>>>

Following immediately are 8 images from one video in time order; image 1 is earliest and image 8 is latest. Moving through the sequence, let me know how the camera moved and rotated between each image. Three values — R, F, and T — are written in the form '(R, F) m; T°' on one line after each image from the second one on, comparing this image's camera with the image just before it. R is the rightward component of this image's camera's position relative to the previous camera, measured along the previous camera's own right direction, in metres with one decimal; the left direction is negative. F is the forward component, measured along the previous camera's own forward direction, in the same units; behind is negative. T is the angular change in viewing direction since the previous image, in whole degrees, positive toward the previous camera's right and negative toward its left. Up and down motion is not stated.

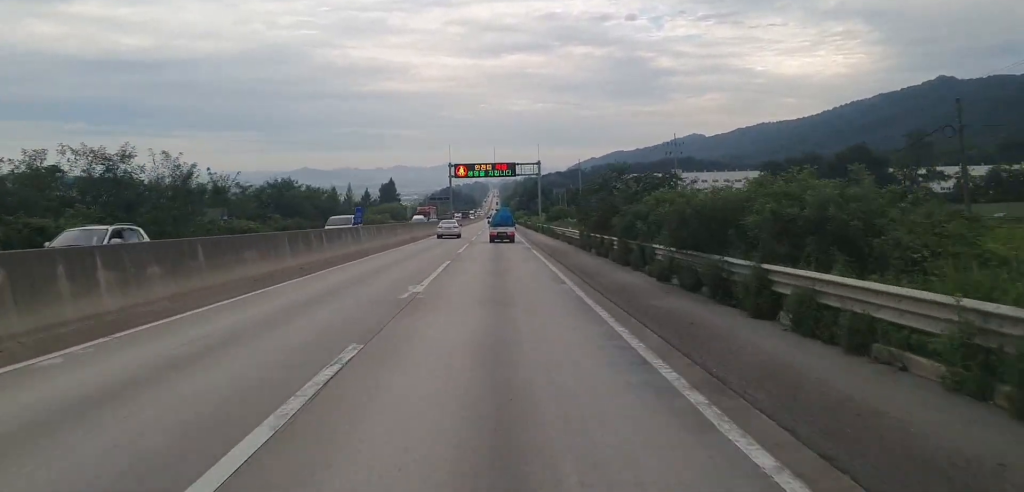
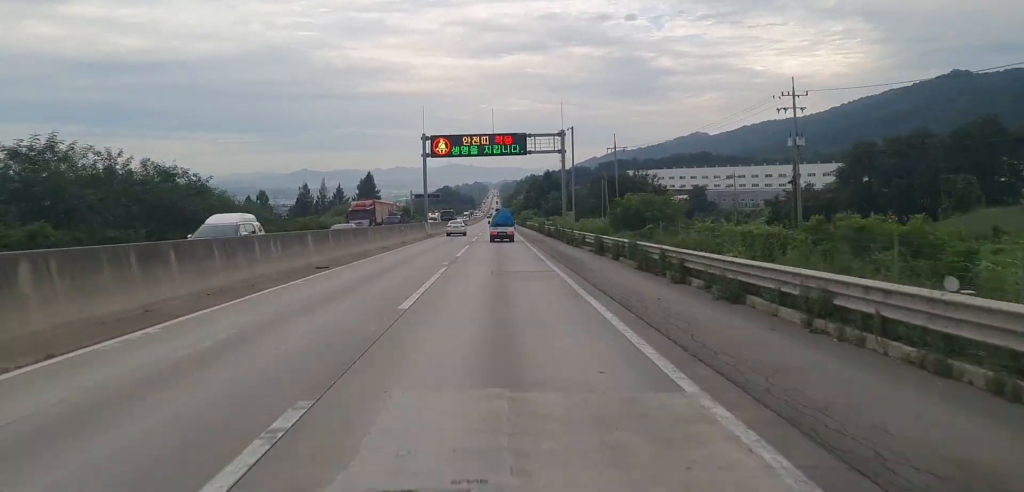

<<<
>>>

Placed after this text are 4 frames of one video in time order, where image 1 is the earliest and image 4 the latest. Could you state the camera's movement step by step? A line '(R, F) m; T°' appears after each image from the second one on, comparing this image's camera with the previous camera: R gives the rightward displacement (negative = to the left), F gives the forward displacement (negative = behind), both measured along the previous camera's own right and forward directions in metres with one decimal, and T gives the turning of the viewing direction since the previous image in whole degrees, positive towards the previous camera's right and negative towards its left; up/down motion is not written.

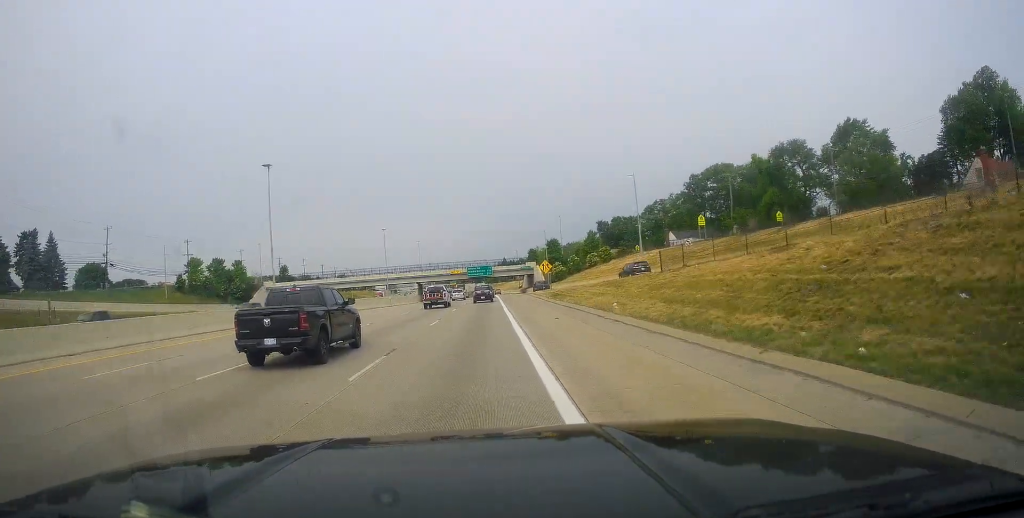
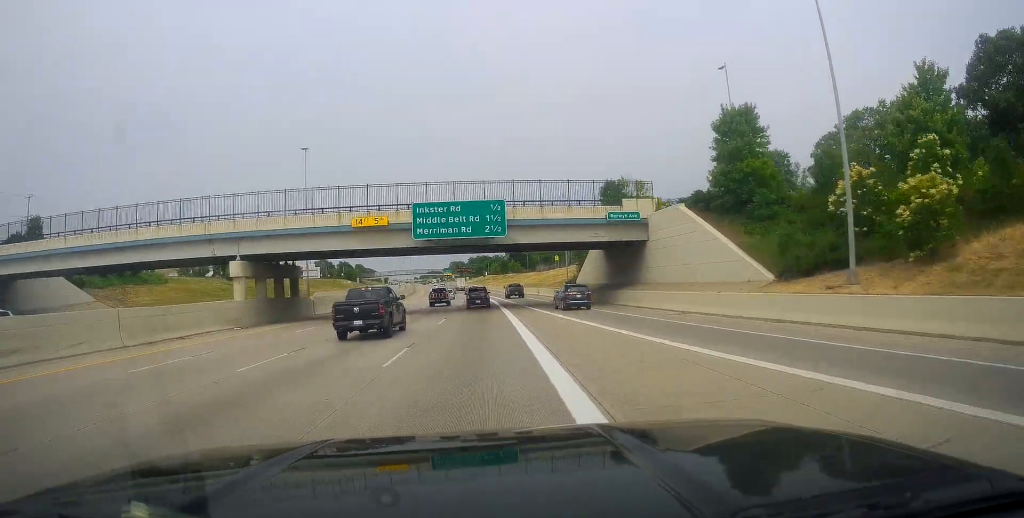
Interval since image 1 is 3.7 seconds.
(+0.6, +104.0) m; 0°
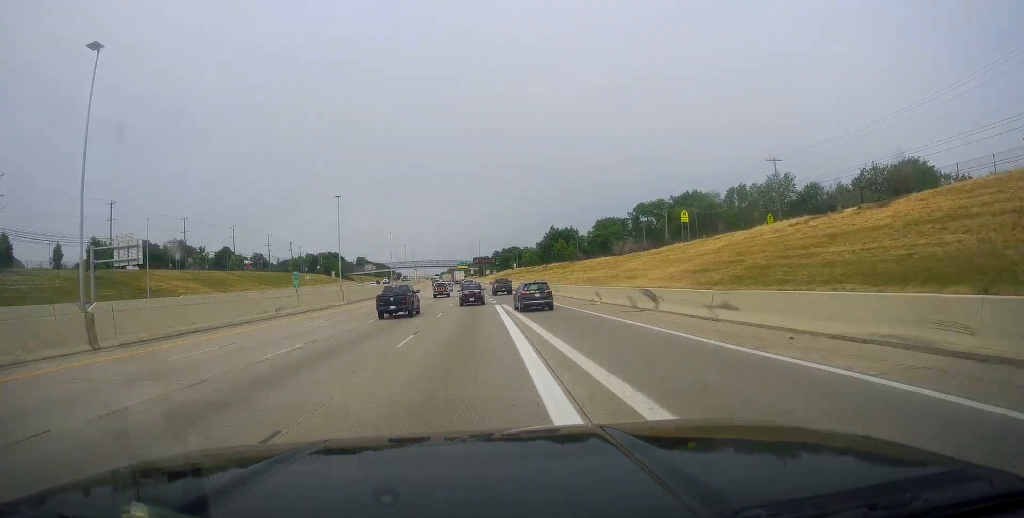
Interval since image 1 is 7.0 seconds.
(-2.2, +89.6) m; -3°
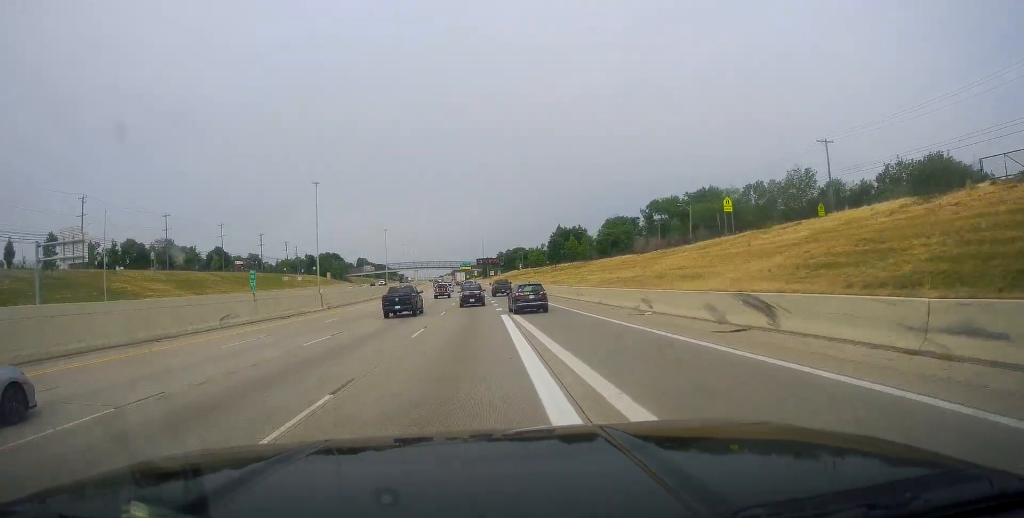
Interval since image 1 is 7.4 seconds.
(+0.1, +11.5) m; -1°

<<<

■ **About this exercise**: Within the listing above, find every line containing the string "left" and return it.

■ **Final answer**:
Following immediately are 8 images from one video in time order; image 1 is earliest and image 8 is latest. Moving through the sequence, let me know how the camera moved and rotated between each image. Three values — R, F, and T — are written in the form '(R, F) m; T°' on one line after each image from the second one on, comparing this image's camera with the image just before it. R is the rightward component of this image's camera's position relative to the previous camera, measured along the previous camera's own right direction, in metres with one decimal; the left direction is negative. F is the forward component, measured along the previous camera's own forward direction, in the same units; behind is negative. T is the angular change in viewing direction since the previous image, in whole degrees, positive toward the previous camera's right and negative toward its left. Up and down motion is not stated.
Placed after this text are 4 frames of one video in time order, where image 1 is the earliest and image 4 the latest. Could you state the camera's movement step by step? A line '(R, F) m; T°' appears after each image from the second one on, comparing this image's camera with the previous camera: R gives the rightward displacement (negative = to the left), F gives the forward displacement (negative = behind), both measured along the previous camera's own right and forward directions in metres with one decimal, and T gives the turning of the viewing direction since the previous image in whole degrees, positive towards the previous camera's right and negative towards its left; up/down motion is not written.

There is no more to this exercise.